Ben had to get out of this bed, a man could only lay on his back for so long, pain or no pain. He almost changed his mind though as he swung his feet over the edge, the knives were deep today, even with all the medication they were pumping into him. Two, maybe three days the doctor had said, “Not much we can do for you Ben, it’s pretty much eaten up your internal organs, best we can do is make you comfortable.” “You mean pump me full of drugs, tell the nurses to smile at me, and then go about your lives.” A straight-forward man does not alter who he has always been just because the end is in sight. “Sorry doc, didn’t mean to belittle you, it can’t be easy seeing all this death all the time.” They talked for another five or ten minutes as the orderlies made him as comfortable as possible in what would be the last bed he ever laid in.

His mind was almost changed for him as he stood up, dizzy was not the right word for how he felt, it was like the floor had just disappeared, like he was in a free fall with no bottom in sight. Ben reached out for something to hold onto and found that his left hand was on the bed already and his right one already had a death grip on the I.V. pole with the box on it that kept the pain killers pumping into his body. His head finally started to clear, the little light on the I.V. box blinked three times, and then the pain abated just a little. One would like to think that if they could invent products that could block pain receptors in the body, they could figure out how to make the disease that was killing him go away, but what did he know.

He gave a quick thank you to the Lord, tightened the little green string on the pants he had taken from the closet in the room, took a deep breath and attempted his first step. The nurses had been more than a little upset when they found he had exchanged the open back nursing gown for the pants, but until he could not pull his own pants up or down, he was going to wear them. “Probably only a day or two, maybe three, then I’ll finally be home, got to make the best of it.” The words echoed off the white walls covered with instruments and pictures of the outside world.

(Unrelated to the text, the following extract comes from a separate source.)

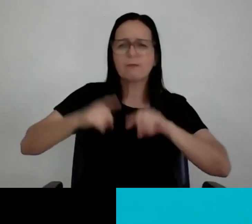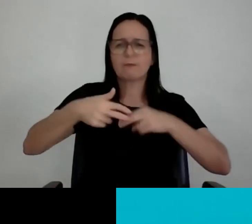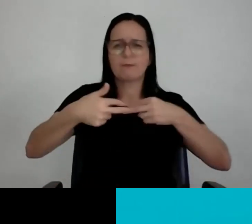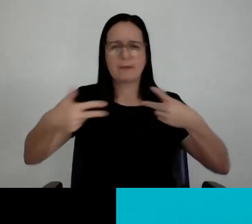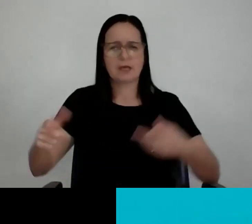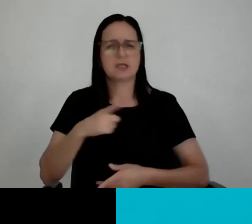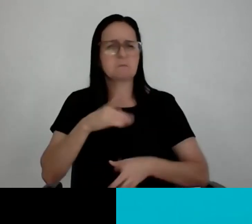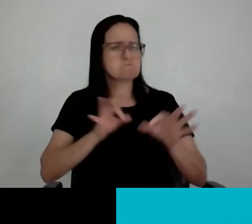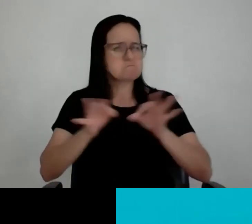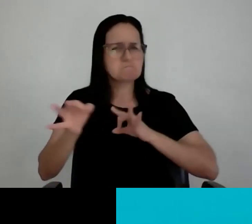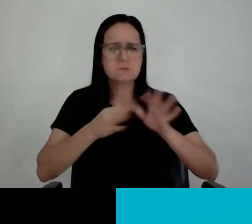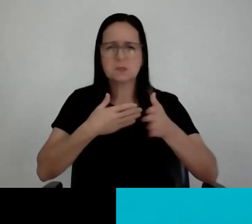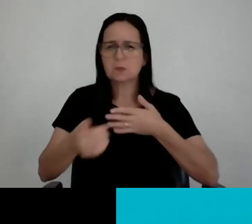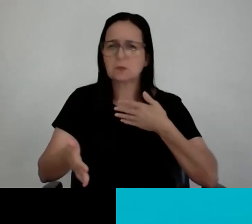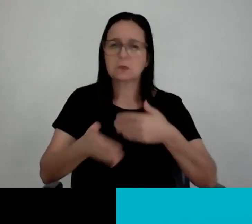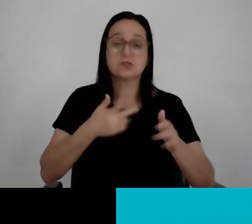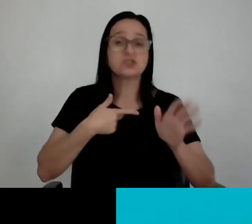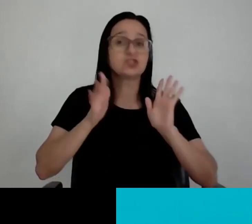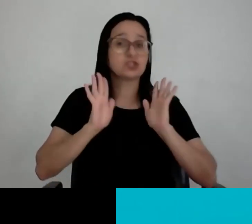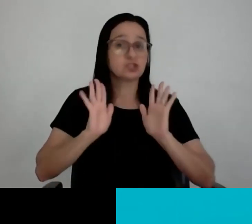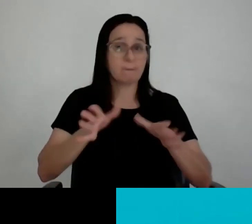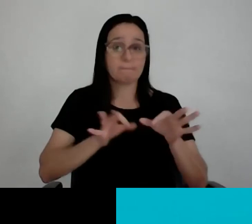não importa. A gente já fez até negócio de

He made it a far as the doorway to the hall before the pain intensified to a point that he was not sure he could bear, but after just a couple of minutes and three more blinking lights on the monitor, he stepped into the hallway. Good, no nurses, he knew they meant well, but no man that can move is much good at just sitting around, and he could tell the general mentality of most of them, the last two days each one of them had made sure that the television remote was close at hand, as if the world and its ongoing continuous problems or the inane immature talk shows and sitcoms could cheer him up. One of them had finally found a Bible in a basically unused area of the fourth floor of the hospital and brought it to him, and it had become, as it had been for over forty years now, a blessing to him.

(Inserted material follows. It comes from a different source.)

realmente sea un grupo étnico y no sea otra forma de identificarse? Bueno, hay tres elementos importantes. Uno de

“Why not, what are they going to do, kick you out?” The thought came at the same time his feet started moving toward the elevator, and Ben knew the Holy Spirit well enough to know when he was being prompted to do something. The doors closed behind him and he gratefully leaned on the chrome metal bar inside the elevator, taking another deep breath, hoping the three green lights would blink again soon, thankful that the medication did not befuddle his mind too much. “Pick a button Lord.” As if on cue the fifth floor light came on, not surprising to Ben, he had witnessed his fair share of what people liked to call miracles, and very little that the Lord did anymore surprised him, his job was to serve, to obey, to be led, so when the door opened and the young man and his sobbing wife slipped inside, Ben stepped out.

Bright colors, images of clowns and unicorns painted on the walls, a happy looking place that Ben immediately knew was filled with utter sadness and unbearable grief. The children’s cancer ward, a place where small children came to die, while the old folks like him did so three floors down. “This is going to be tough Lord, please, lead my steps, we are all your children, but these little ones, they are so precious to you, guard my mouth.”

Just a few steps down the hallway he looked left into a room that was filled with toys and games, a television screen with the sound turned down very low was showing a rerun of an old children’s movie, a little orange and blue fish swimming on the screen. “Hello, my name is Ben, can I sit in this big person chair here for a minute and rest please?” The little bald-headed girl with the pink bow on her head looked up at him for a moment in hesitation, and then said, “Yes, would you like to put some blocks together with me?” “Well. If you put them up here on the table I will, I’m not very good at sitting on the floor right now, what’s your name, I’m Ben.”

Emily and Ben made a little house, then tried to make a bigger one, but it fell over as they both laughed, Ben happy to see those three lights blink again, that laughter really hurt. As they started to make another project, Ben asked her if she would like to hear a story about a man named Jesus.

Two days later a pain went through Ben’s body unlike anything he ever thought possible, intense was not a sufficient word to describe it, and then it was quiet, except for the birds singing, the bright blue sky was almost blinding, he looked to his left and saw a very pretty blonde haired little girl who said to him, “I thought you would never get here, Ben, I’ve been waiting forever.”